In a preferred embodiment, as shown in FIGS. 1-3, the arm members 12 and 14 are designed and assembled so that an expansion of the actuating member 16 will impart a compressive force between the opposing jaw portions 18 of the arms. Specifically, the arm members 12 and 14 shown in FIGS. 1-3 have jaw portions 18 and lever extensions 20 positioned side-by-side with respect to the pivotal axis 24 so that they will be disposed on the same longitudinal half of the staple 10 when assembled. Alternatively, the arm members 12 and 14 may be designed to cross over each other at the pivotal axis 24 in a scissors-type fashion. In this embodiment, a contraction of the actuating member 16 will be necessary to impart a compressive force between the opposing jaw portions 18 of the arms 12 and 14.

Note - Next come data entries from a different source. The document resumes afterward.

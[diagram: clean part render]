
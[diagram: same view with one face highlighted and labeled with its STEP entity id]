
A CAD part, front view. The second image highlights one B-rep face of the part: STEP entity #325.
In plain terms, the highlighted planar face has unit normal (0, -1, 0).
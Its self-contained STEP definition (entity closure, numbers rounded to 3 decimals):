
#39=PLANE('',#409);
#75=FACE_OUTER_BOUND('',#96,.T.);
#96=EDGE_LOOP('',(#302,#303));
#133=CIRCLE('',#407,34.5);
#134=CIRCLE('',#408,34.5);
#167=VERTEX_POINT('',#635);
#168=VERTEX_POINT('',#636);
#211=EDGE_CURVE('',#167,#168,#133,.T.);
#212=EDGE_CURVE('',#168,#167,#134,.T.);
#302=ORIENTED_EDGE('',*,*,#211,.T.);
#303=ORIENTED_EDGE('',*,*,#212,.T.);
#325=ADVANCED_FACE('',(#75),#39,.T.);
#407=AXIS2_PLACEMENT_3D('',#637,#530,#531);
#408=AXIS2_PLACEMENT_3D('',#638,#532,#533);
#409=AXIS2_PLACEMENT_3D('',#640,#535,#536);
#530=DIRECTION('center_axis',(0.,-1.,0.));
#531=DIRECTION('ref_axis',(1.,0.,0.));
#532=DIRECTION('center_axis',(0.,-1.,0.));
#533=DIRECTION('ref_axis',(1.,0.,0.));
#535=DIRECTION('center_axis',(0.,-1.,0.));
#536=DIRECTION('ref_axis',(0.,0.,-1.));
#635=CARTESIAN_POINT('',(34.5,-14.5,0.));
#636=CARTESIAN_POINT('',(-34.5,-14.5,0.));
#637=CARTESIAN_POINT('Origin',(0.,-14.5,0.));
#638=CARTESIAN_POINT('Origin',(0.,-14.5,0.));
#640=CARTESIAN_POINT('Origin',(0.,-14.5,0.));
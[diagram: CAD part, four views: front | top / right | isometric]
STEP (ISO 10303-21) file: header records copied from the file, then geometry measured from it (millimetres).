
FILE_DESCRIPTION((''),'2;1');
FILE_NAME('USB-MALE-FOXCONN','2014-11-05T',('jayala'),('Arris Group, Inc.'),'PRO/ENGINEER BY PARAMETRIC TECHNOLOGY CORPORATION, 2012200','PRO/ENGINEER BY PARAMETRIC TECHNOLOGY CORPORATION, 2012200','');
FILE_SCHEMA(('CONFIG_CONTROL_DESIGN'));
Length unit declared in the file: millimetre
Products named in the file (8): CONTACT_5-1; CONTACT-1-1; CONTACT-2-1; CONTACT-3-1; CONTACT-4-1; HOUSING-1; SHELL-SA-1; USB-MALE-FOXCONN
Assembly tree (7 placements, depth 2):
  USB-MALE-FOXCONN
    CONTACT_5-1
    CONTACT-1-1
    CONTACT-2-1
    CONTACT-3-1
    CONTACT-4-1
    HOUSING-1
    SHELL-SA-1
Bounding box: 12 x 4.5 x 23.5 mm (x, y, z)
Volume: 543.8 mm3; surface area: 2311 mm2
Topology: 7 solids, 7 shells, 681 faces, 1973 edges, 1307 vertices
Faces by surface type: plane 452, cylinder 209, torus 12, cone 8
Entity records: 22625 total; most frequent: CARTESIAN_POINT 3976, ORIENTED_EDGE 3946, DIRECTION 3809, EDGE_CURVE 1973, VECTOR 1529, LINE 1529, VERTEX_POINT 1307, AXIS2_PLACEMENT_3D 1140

In the preferred embodiment, as shown in FIG. 1, the actuating component 16 takes the form of a single block of a biocompatible shape memory alloy disposed between the opposite surfaces of the arm lever extensions 20. More specifically, the actuating component 16 is preferably in the form of a cylindrical accordion 42 having a plurality of longitudinal slots 44 formed therein to facilitate expansion and contraction of the block. However, the actuating component may take any number of other alternative shapes or geometries, such as rectangular shapes or dumbbell shapes with spherical ends. Moreover, the actuating component 16 may take the form of two or more separate blocks 46, as shown in FIG. 4. For example, a block 46 of a preselected size shape memory alloy can be secured to the interior surface of the first arm extension 20 and another block is secured to the interior surface of the second arm extension. Each block 46 may include a protrusion 48 which is retained within the groove 28 of the lever extension 20.

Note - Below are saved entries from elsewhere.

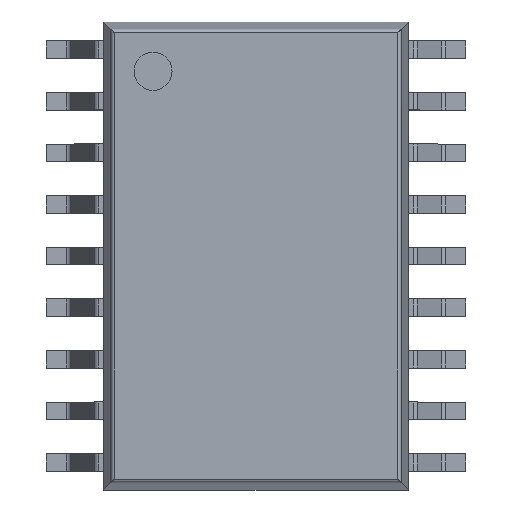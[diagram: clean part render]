
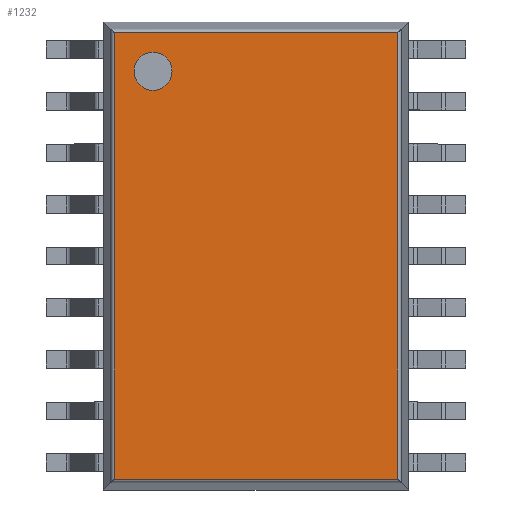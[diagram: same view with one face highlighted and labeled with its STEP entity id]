
A CAD part, top view. The second image highlights one B-rep face of the part: STEP entity #1232.
In plain terms, the highlighted planar face has unit normal (0, 0, 1).
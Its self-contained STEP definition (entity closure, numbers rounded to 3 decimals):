
#829 = CYLINDRICAL_SURFACE('',#830,0.09);
#830 = AXIS2_PLACEMENT_3D('',#831,#832,#833);
#831 = CARTESIAN_POINT('',(-3.482,-5.57,2.76));
#832 = DIRECTION('',(0.,1.,0.));
#833 = DIRECTION('',(-0.99,0.,0.14));
#971 = CYLINDRICAL_SURFACE('',#972,0.09);
#972 = AXIS2_PLACEMENT_3D('',#973,#974,#975);
#973 = CARTESIAN_POINT('',(-3.56,-5.492,2.76));
#974 = DIRECTION('',(1.,0.,0.));
#975 = DIRECTION('',(0.,-0.99,0.14));
#987 = VERTEX_POINT('',#988);
#988 = CARTESIAN_POINT('',(-3.482,-5.492,2.85));
#1022 = EDGE_CURVE('',#987,#1023,#1025,.T.);
#1023 = VERTEX_POINT('',#1024);
#1024 = CARTESIAN_POINT('',(-3.482,5.492,2.85));
#1025 = SURFACE_CURVE('',#1026,(#1030,#1037),.PCURVE_S1.);
#1026 = LINE('',#1027,#1028);
#1027 = CARTESIAN_POINT('',(-3.482,-5.57,2.85));
#1028 = VECTOR('',#1029,1.);
#1029 = DIRECTION('',(0.,1.,0.));
#1030 = PCURVE('',#829,#1031);
#1031 = DEFINITIONAL_REPRESENTATION('',(#1032),#1036);
#1032 = LINE('',#1033,#1034);
#1033 = CARTESIAN_POINT('',(1.431,0.));
#1034 = VECTOR('',#1035,1.);
#1035 = DIRECTION('',(0.,1.));
#1036 = ( GEOMETRIC_REPRESENTATION_CONTEXT(2) 
PARAMETRIC_REPRESENTATION_CONTEXT() REPRESENTATION_CONTEXT('2D SPACE',''
  ) );
#1037 = PCURVE('',#1038,#1043);
#1038 = PLANE('',#1039);
#1039 = AXIS2_PLACEMENT_3D('',#1040,#1041,#1042);
#1040 = CARTESIAN_POINT('',(-3.748,-5.758,2.85));
#1041 = DIRECTION('',(0.,0.,1.));
#1042 = DIRECTION('',(1.,0.,0.));
#1043 = DEFINITIONAL_REPRESENTATION('',(#1044),#1048);
#1044 = LINE('',#1045,#1046);
#1045 = CARTESIAN_POINT('',(0.266,0.187));
#1046 = VECTOR('',#1047,1.);
#1047 = DIRECTION('',(0.,1.));
#1048 = ( GEOMETRIC_REPRESENTATION_CONTEXT(2) 
PARAMETRIC_REPRESENTATION_CONTEXT() REPRESENTATION_CONTEXT('2D SPACE',''
  ) );
#1071 = CYLINDRICAL_SURFACE('',#1072,0.09);
#1072 = AXIS2_PLACEMENT_3D('',#1073,#1074,#1075);
#1073 = CARTESIAN_POINT('',(-3.56,5.492,2.76));
#1074 = DIRECTION('',(1.,0.,0.));
#1075 = DIRECTION('',(0.,0.,1.));
#1159 = CYLINDRICAL_SURFACE('',#1160,0.09);
#1160 = AXIS2_PLACEMENT_3D('',#1161,#1162,#1163);
#1161 = CARTESIAN_POINT('',(3.482,-5.57,2.76));
#1162 = DIRECTION('',(0.,1.,0.));
#1163 = DIRECTION('',(0.,0.,1.));
#1175 = EDGE_CURVE('',#987,#1176,#1178,.T.);
#1176 = VERTEX_POINT('',#1177);
#1177 = CARTESIAN_POINT('',(3.482,-5.492,2.85));
#1178 = SURFACE_CURVE('',#1179,(#1183,#1190),.PCURVE_S1.);
#1179 = LINE('',#1180,#1181);
#1180 = CARTESIAN_POINT('',(-3.56,-5.492,2.85));
#1181 = VECTOR('',#1182,1.);
#1182 = DIRECTION('',(1.,0.,0.));
#1183 = PCURVE('',#971,#1184);
#1184 = DEFINITIONAL_REPRESENTATION('',(#1185),#1189);
#1185 = LINE('',#1186,#1187);
#1186 = CARTESIAN_POINT('',(-1.431,0.));
#1187 = VECTOR('',#1188,1.);
#1188 = DIRECTION('',(-0.,1.));
#1189 = ( GEOMETRIC_REPRESENTATION_CONTEXT(2) 
PARAMETRIC_REPRESENTATION_CONTEXT() REPRESENTATION_CONTEXT('2D SPACE',''
  ) );
#1190 = PCURVE('',#1038,#1191);
#1191 = DEFINITIONAL_REPRESENTATION('',(#1192),#1196);
#1192 = LINE('',#1193,#1194);
#1193 = CARTESIAN_POINT('',(0.187,0.266));
#1194 = VECTOR('',#1195,1.);
#1195 = DIRECTION('',(1.,0.));
#1196 = ( GEOMETRIC_REPRESENTATION_CONTEXT(2) 
PARAMETRIC_REPRESENTATION_CONTEXT() REPRESENTATION_CONTEXT('2D SPACE',''
  ) );
#1232 = ADVANCED_FACE('',(#1233,#1281),#1038,.T.);
#1233 = FACE_BOUND('',#1234,.T.);
#1234 = EDGE_LOOP('',(#1235,#1236,#1237,#1260));
#1235 = ORIENTED_EDGE('',*,*,#1022,.F.);
#1236 = ORIENTED_EDGE('',*,*,#1175,.T.);
#1237 = ORIENTED_EDGE('',*,*,#1238,.T.);
#1238 = EDGE_CURVE('',#1176,#1239,#1241,.T.);
#1239 = VERTEX_POINT('',#1240);
#1240 = CARTESIAN_POINT('',(3.482,5.492,2.85));
#1241 = SURFACE_CURVE('',#1242,(#1246,#1253),.PCURVE_S1.);
#1242 = LINE('',#1243,#1244);
#1243 = CARTESIAN_POINT('',(3.482,-5.57,2.85));
#1244 = VECTOR('',#1245,1.);
#1245 = DIRECTION('',(0.,1.,0.));
#1246 = PCURVE('',#1038,#1247);
#1247 = DEFINITIONAL_REPRESENTATION('',(#1248),#1252);
#1248 = LINE('',#1249,#1250);
#1249 = CARTESIAN_POINT('',(7.229,0.187));
#1250 = VECTOR('',#1251,1.);
#1251 = DIRECTION('',(0.,1.));
#1252 = ( GEOMETRIC_REPRESENTATION_CONTEXT(2) 
PARAMETRIC_REPRESENTATION_CONTEXT() REPRESENTATION_CONTEXT('2D SPACE',''
  ) );
#1253 = PCURVE('',#1159,#1254);
#1254 = DEFINITIONAL_REPRESENTATION('',(#1255),#1259);
#1255 = LINE('',#1256,#1257);
#1256 = CARTESIAN_POINT('',(0.,0.));
#1257 = VECTOR('',#1258,1.);
#1258 = DIRECTION('',(0.,1.));
#1259 = ( GEOMETRIC_REPRESENTATION_CONTEXT(2) 
PARAMETRIC_REPRESENTATION_CONTEXT() REPRESENTATION_CONTEXT('2D SPACE',''
  ) );
#1260 = ORIENTED_EDGE('',*,*,#1261,.F.);
#1261 = EDGE_CURVE('',#1023,#1239,#1262,.T.);
#1262 = SURFACE_CURVE('',#1263,(#1267,#1274),.PCURVE_S1.);
#1263 = LINE('',#1264,#1265);
#1264 = CARTESIAN_POINT('',(-3.56,5.492,2.85));
#1265 = VECTOR('',#1266,1.);
#1266 = DIRECTION('',(1.,0.,0.));
#1267 = PCURVE('',#1038,#1268);
#1268 = DEFINITIONAL_REPRESENTATION('',(#1269),#1273);
#1269 = LINE('',#1270,#1271);
#1270 = CARTESIAN_POINT('',(0.187,11.249));
#1271 = VECTOR('',#1272,1.);
#1272 = DIRECTION('',(1.,0.));
#1273 = ( GEOMETRIC_REPRESENTATION_CONTEXT(2) 
PARAMETRIC_REPRESENTATION_CONTEXT() REPRESENTATION_CONTEXT('2D SPACE',''
  ) );
#1274 = PCURVE('',#1071,#1275);
#1275 = DEFINITIONAL_REPRESENTATION('',(#1276),#1280);
#1276 = LINE('',#1277,#1278);
#1277 = CARTESIAN_POINT('',(-0.,0.));
#1278 = VECTOR('',#1279,1.);
#1279 = DIRECTION('',(-0.,1.));
#1280 = ( GEOMETRIC_REPRESENTATION_CONTEXT(2) 
PARAMETRIC_REPRESENTATION_CONTEXT() REPRESENTATION_CONTEXT('2D SPACE',''
  ) );
#1281 = FACE_BOUND('',#1282,.T.);
#1282 = EDGE_LOOP('',(#1283));
#1283 = ORIENTED_EDGE('',*,*,#1284,.F.);
#1284 = EDGE_CURVE('',#1285,#1285,#1287,.T.);
#1285 = VERTEX_POINT('',#1286);
#1286 = CARTESIAN_POINT('',(-2.065,4.543,2.85));
#1287 = SURFACE_CURVE('',#1288,(#1293,#1300),.PCURVE_S1.);
#1288 = CIRCLE('',#1289,0.468);
#1289 = AXIS2_PLACEMENT_3D('',#1290,#1291,#1292);
#1290 = CARTESIAN_POINT('',(-2.533,4.543,2.85));
#1291 = DIRECTION('',(0.,0.,1.));
#1292 = DIRECTION('',(1.,0.,0.));
#1293 = PCURVE('',#1038,#1294);
#1294 = DEFINITIONAL_REPRESENTATION('',(#1295),#1299);
#1295 = CIRCLE('',#1296,0.468);
#1296 = AXIS2_PLACEMENT_2D('',#1297,#1298);
#1297 = CARTESIAN_POINT('',(1.214,10.301));
#1298 = DIRECTION('',(1.,0.));
#1299 = ( GEOMETRIC_REPRESENTATION_CONTEXT(2) 
PARAMETRIC_REPRESENTATION_CONTEXT() REPRESENTATION_CONTEXT('2D SPACE',''
  ) );
#1300 = PCURVE('',#1301,#1306);
#1301 = CYLINDRICAL_SURFACE('',#1302,0.468);
#1302 = AXIS2_PLACEMENT_3D('',#1303,#1304,#1305);
#1303 = CARTESIAN_POINT('',(-2.533,4.543,2.565));
#1304 = DIRECTION('',(0.,0.,1.));
#1305 = DIRECTION('',(1.,0.,0.));
#1306 = DEFINITIONAL_REPRESENTATION('',(#1307),#1310);
#1307 = B_SPLINE_CURVE_WITH_KNOTS('',1,(#1308,#1309),.UNSPECIFIED.,.F.,
  .F.,(2,2),(0.,6.283),.PIECEWISE_BEZIER_KNOTS.);
#1308 = CARTESIAN_POINT('',(0.,0.285));
#1309 = CARTESIAN_POINT('',(6.283,0.285));
#1310 = ( GEOMETRIC_REPRESENTATION_CONTEXT(2) 
PARAMETRIC_REPRESENTATION_CONTEXT() REPRESENTATION_CONTEXT('2D SPACE',''
  ) );

Preferable biocompatible shape memory alloys include alloys of nickel titanium or NITINOL (an acronym for NIckel TItanium Naval Ordnance Laboratory, which is a tradename for a family of intermetallic materials containing a nearly equal mixture of nickel (55 wt. %) and titanium). Other elements can be added to adjust or “tune” the material properties. These alloys exhibit a first lateral dimension 50, as shown in FIG. 4, at a temperature below 98.6 degrees Fahrenheit (the normal human body temperature). However, upon implanting the staple 10 into a human body, the increase in temperature causes the lateral dimension 50 of the alloy block 42 or blocks 46 to increase to a second lateral dimension 50′. As the actuating component 16 thus expands, pressure is exerted on the interior surfaces of the arm extensions 20 causing the extensions to move further apart from each other. Due to the pivoting arrangement of the arms 12 and 14 about the pin 32, the expansion of the actuating component 16 results in a compressive force being applied between the opposing inner jaw surfaces 26 of the staple 10. This compressive force, in conjunction with the serrated geometry of the jaw surfaces, is used to anchor the staple 10 to an anatomical structure. If it is ever desired to remove the staple 10, the staple can be cooled, wherein the shape memory alloy actuating component 16 will return to its first contracted dimension thereby relieving the compressive force applied across the inner jaw surfaces.
Although the preferred embodiments of the present invention have been described with reference to the accompanying drawings, it is to be understood that the invention is not limited to those precise embodiments, and that other changes and modifications may be made by one skilled in the art without departing from the scope or spirit of the invention.